Since then I've received copies of similar memos from almost every federal Department and many big contractors. And many accounts like this, from a reader:

>>A number of defense contractors have taken the step of totally blocking access to the Wikileaks web site, to prevent employees from accessing the leaks at work.

As well, they've issued warnings not to even think about keeping copies of any of the leaked documents on any company IT assets, lest the company as well as the individual responsible be guilty of a security violation.<<

But a number of past and present government employees have written in to say: Not so fast. What may look like a pointless "shutting the barn door" gesture actually has some merit.
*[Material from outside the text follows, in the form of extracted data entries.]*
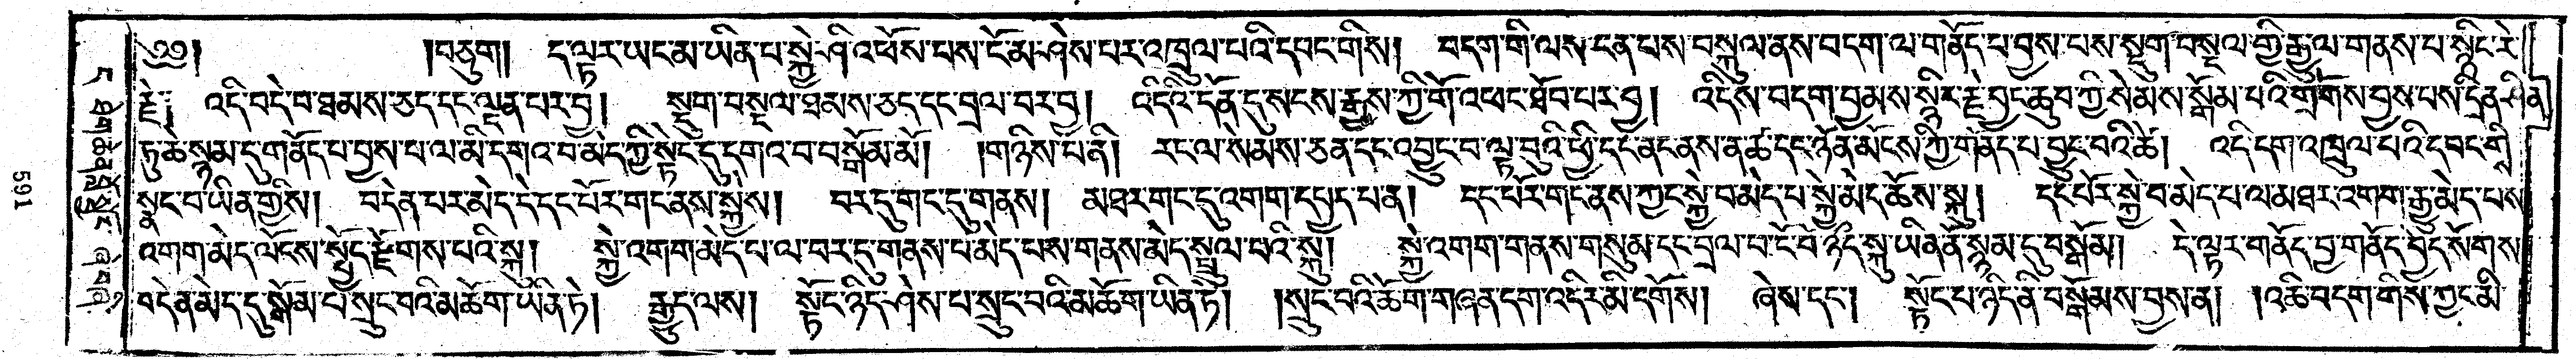༄༅། །བཅུག། ད་ལྟར་ཡང་མ་ཡིན་པ་སྐྱེ་ཤི་འཕོས་པས་ངོ་མ་ཤེས་པར་འཁྲུལ་པའི་དབང་གིས། བདག་གི་ལས་ངན་པས་བསྐུལ་ནས་བདག་ལ་གནོད་པ་བྱས་པས་སྡུག་བསྔལ་གྱི་རྒྱུ་ལ་གནས་པ་སྙིང་རེ་
རྗེ༑ འདི་བདེ་བ་ཐམས་ཅད་དང་ལྡན་པར་བྱ། སྡུག་བསྔལ་ཐམས་ཅད་དང་བྲལ་བར་བྱ། འདིའི་དོན་དུ་སངས་རྒྱས་ཀྱི་གོ་འཕང་ཐོབ་པར་བྱ། འདིས་བདག་བྱམས་སྙིང་རྗེ་བྱང་ཆུབ་ཀྱི་སེམས་སྒོམ་པའི་གྲོགས་བྱས་པས་དྲིན་ཤིན་
ཏུ་ཆེ་སྙམ་དུ་གནོད་པ་བྱས་པ་ལ་མི་དགའ་བ་མེད་ཀྱི་སྟེང་དུ་དགའ་བ་བསྒོམ་མོ། །གཉིས་པ་ནི། རང་ལ་སེམས་ཅན་དང་འབྱུང་བ་ལྟ་བུའི་ཕྱི་དང་ནང་ནས་ན་ཚ་དང་ཉོན་མོངས་ཀྱི་གནོད་པ་བྱུང་བའི་ཚེ། འདི་དག་འཁྲུལ་པའི་དབང་གིས་
སྣང་བ་ཡིན་གྱིས། བདེན་པར་མེད་དེ་དང་པོར་གང་ནས་སྐྱེས། བར་དུ་གང་དུ་གནས། མཐར་གང་དུ་འགག་དཔྱད་པ་ན། དང་པོར་གང་ནས་ཀྱང་སྐྱེ་བ་མེད་པ་སྐྱེ་མེད་ཆོས་སྐུ། དང་པོར་སྐྱེ་བ་མེད་པ་ལ་མཐར་འགག་རྒྱུ་མེད་པས་
འགག་མེད་ལོངས་སྤྱོད་རྫོགས་པའི་སྐུ། སྐྱེ་འགག་མེད་པ་ལ་བར་དུ་གནས་པ་མེད་པས་གནས་མེད་སྤྲུལ་པའི་སྐུ། སྐྱེ་འགག་གནས་གསུམ་དང་བྲལ་བ་ངོ་བོ་ཉིད་སྐུ་ཡིན་ནོ་སྙམ་དུ་བསྒོམ། དེ་ལྟར་གནོད་བྱ་གནོད་བྱེད་སོགས་
བདེན་མེད་དུ་སྒོམ་པ་སྲུང་བའི་མཆོག་ཡིན་ཏེ། རྒྱུད་ལས། སྟོང་ཉིད་ཤེས་པ་སྲུང་བའི་མཆོག་ཡིན་ཏེ། །སྲུང་བའི་ཆོ་ག་གཞན་དག་འདིར་མི་དགོས། ཞེས་དང་། སྟོང་པ་ཉིད་ནི་བསྒོམས་བྱས་ན། །འཆི་བདག་གིས་ཀྱང་མི་

For the record, here's their case:

As a matter of principle, one person explained to me, anyone who handles classified material has signed a legal pledge to protect that information. The fact that someone else -- say, Pfc Bradley Manning -- has broken the pledge doesn't relieve others from the legal commitment they made.

That may seem purely symbolic -- although, as another person pointed out, leaked information would have additional weight if the act of leaking freed everyone in the government to say, "Oh, sure, that's all true" rather than declining to comment. But a scientist who has done classified work wrote to explain the practical consequence that had federal administrators really worried: the "contamination" and consequent immobilization of their regular, non-classified computer networks with still-classified info. This scientist says:

>>I am not a fan of 'security theater'. But I am actually sympathetic to the officials that put out the memo....

If you discuss classified info on an unclassified computer system, then you have contaminated your hard drive.

That is very, very bad for your workplace productivity because an IT person has to come over, take out your hard drive and run it through a shredder.

You will get a new HD with your last 'clean' backup.

You think that is not a big deal, because your stuff is backed up over the network nightly or hourly.

But you share a backup tape or drive with other folks, who may also be chattering [ie, quoting a Wikileaked passage that they saw online or in the NYT]. Suppose they started chattering last week? When was your last 'clean' backup?

This can be a real nightmare as a small cadre of IT staff have to scrub hundreds (or thousands) of systems while people sit on their hands, waiting to get their system scrubbed.

Just because something has been leaked, doesn't mean it is now clear. That email isn't a threat. It's a reminder to people not to put classified info on their unclassified hard drive or mail server.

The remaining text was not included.